Лицо Жаннат стало пунцовым, краска залила щеки, подбородок и всю шею. Жаннат тряхнула косами и закончила:
— Тебе покажут, как издеваться над девушкой в наше время свободы. Тебя, животное, посадят, будут судить и поставят к стенке.
И хоть огонь лампы угрожающе прыгал перед глазами Хаджи Акбара, он, издав вой, кинулся на молодую женщину.
Крикнув: «Не пускайте его!» — Жаннат швырнула лампу и исчезла. Каморка погрузилась в темноту. Яростно залаяла собака, хлопнули тяжелые створки.
— Она все слышала! — сдавленно произнес сеид Музаффар и бросился, забыв о больной ноге, к выходу. Вышло так, что он оказался на какое-то мгновение в проеме двери раньше Хаджи Акбара и преградил ему дорогу. Хаджи Акбар пыхтел и стонал: «Да ну же, да отойдите же!» Когда он наконец выбрался во двор и закричал: «Держите ее!» — над ухом его прозвучал приглушенно голос сеида Музаффара:
— Не делайте шума, лучше не делайте шума.

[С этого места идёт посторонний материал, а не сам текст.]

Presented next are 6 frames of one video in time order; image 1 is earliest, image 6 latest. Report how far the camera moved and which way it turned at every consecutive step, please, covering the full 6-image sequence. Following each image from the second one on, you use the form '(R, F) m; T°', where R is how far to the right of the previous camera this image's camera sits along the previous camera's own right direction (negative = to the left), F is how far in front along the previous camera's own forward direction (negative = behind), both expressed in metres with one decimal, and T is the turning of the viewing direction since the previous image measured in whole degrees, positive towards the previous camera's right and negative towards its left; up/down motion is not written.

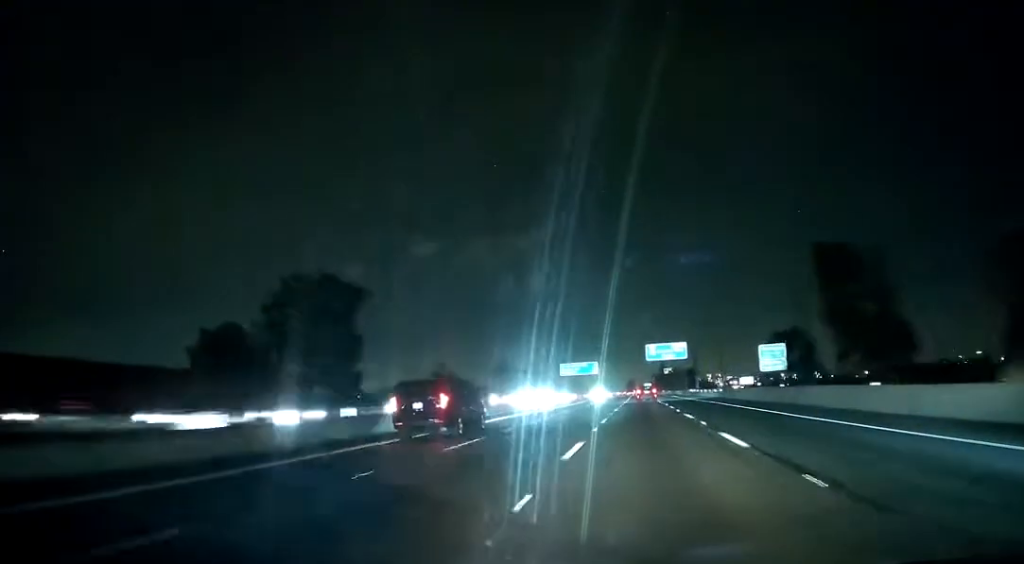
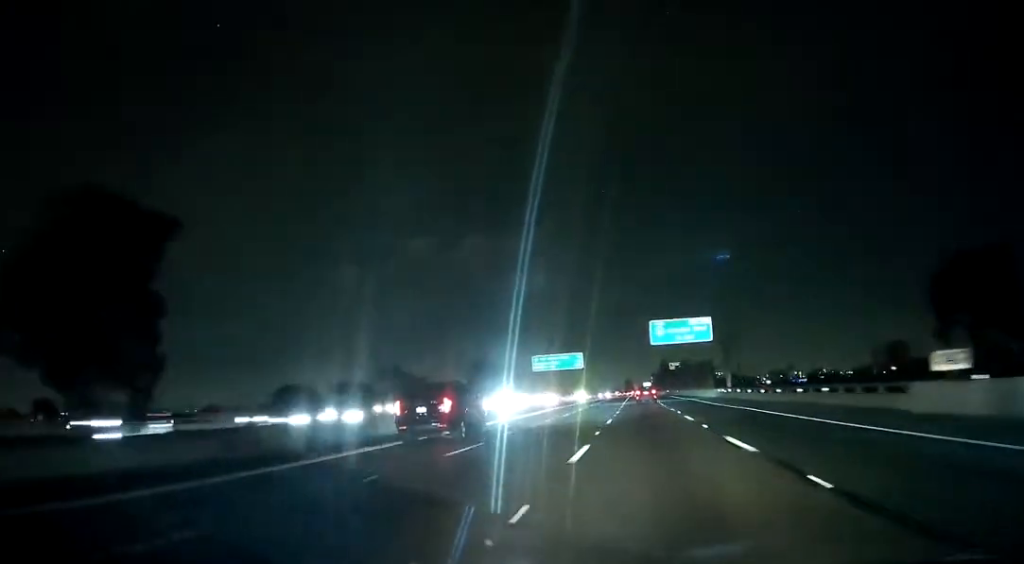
(+0.2, +43.9) m; -1°
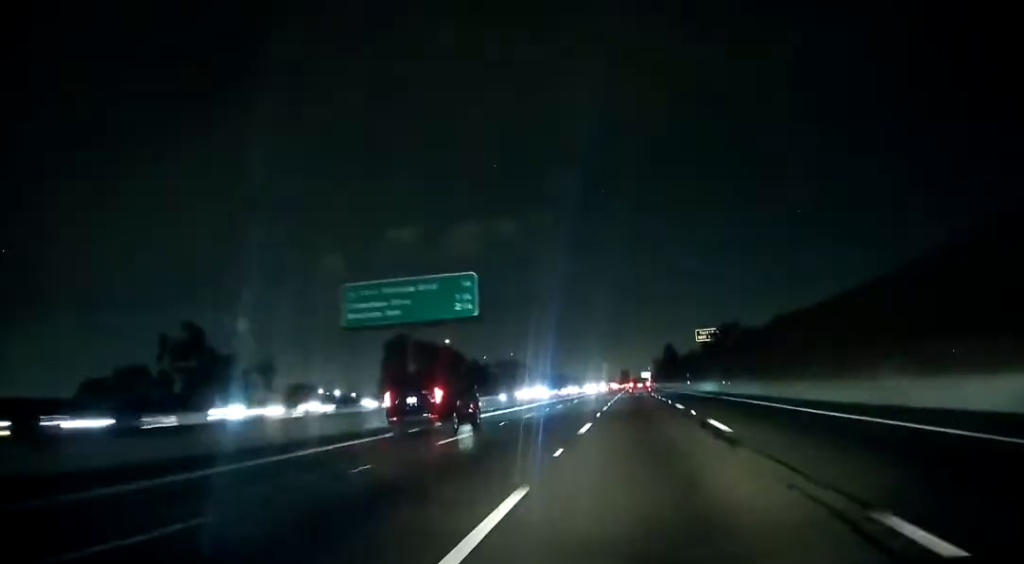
(-1.0, +83.9) m; 0°
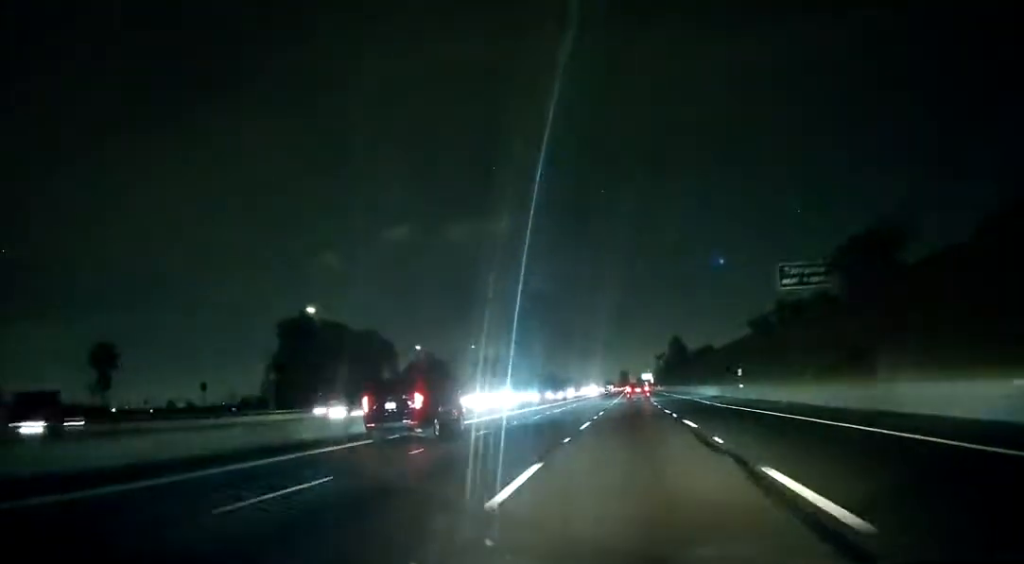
(-0.5, +55.1) m; 0°
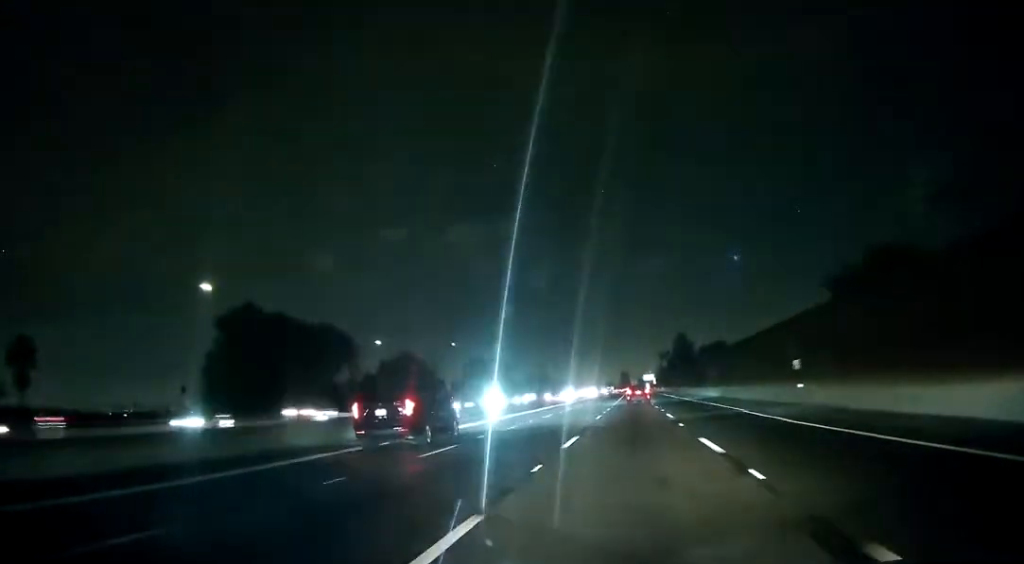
(-0.1, +19.2) m; +1°
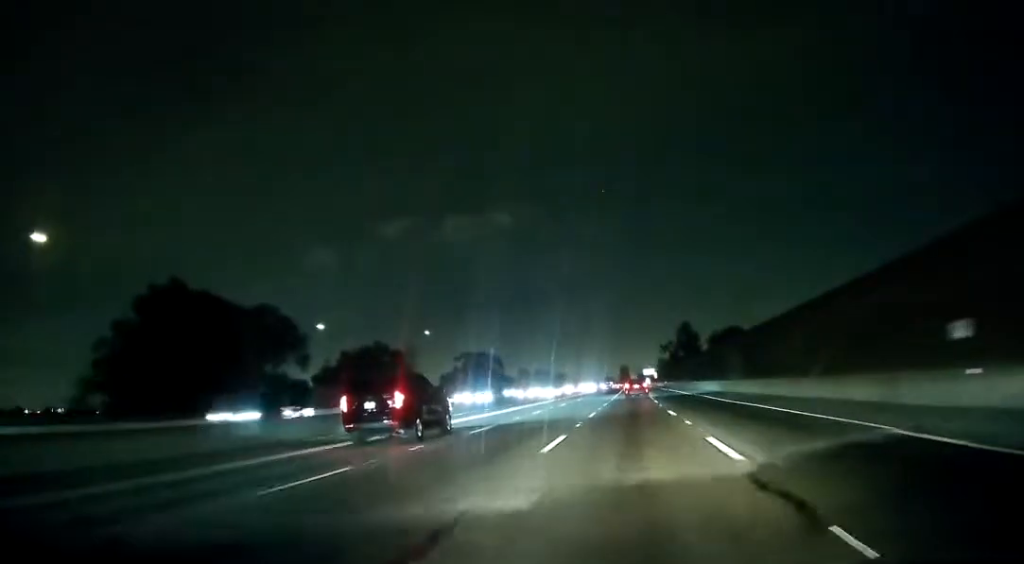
(+0.4, +20.2) m; +1°

Плачущим голосом Прыщавый простонал:
— Ее поймать надо. Она всю Бухару перемутит. И как она сумела запорку сломать? О!..
И он выбежал.
Присев на пороге, сеид Музаффар мрачно прислушивался к суматохе, поднявшейся во дворе. Кто-то страшно ругался, шлепая по грязи. Подпрыгивало в темноте тусклое пламя фонаря «летучая мышь». Лаяла собака, и ее лай подхватили сотни псов. Доносился голос Хаджи Акбара, что-то объяснявшего разбуженным соседям. Стучали двери, гремели засовы.
Наконец желтое пятно света стало приближаться, выхватывая из тьмы то колесо арбы, то меланхолично жующую морду верблюда, то кучу мусора. Совсем рядом возникло перекошенное злобой прыщавое лицо Хаджи Акбара.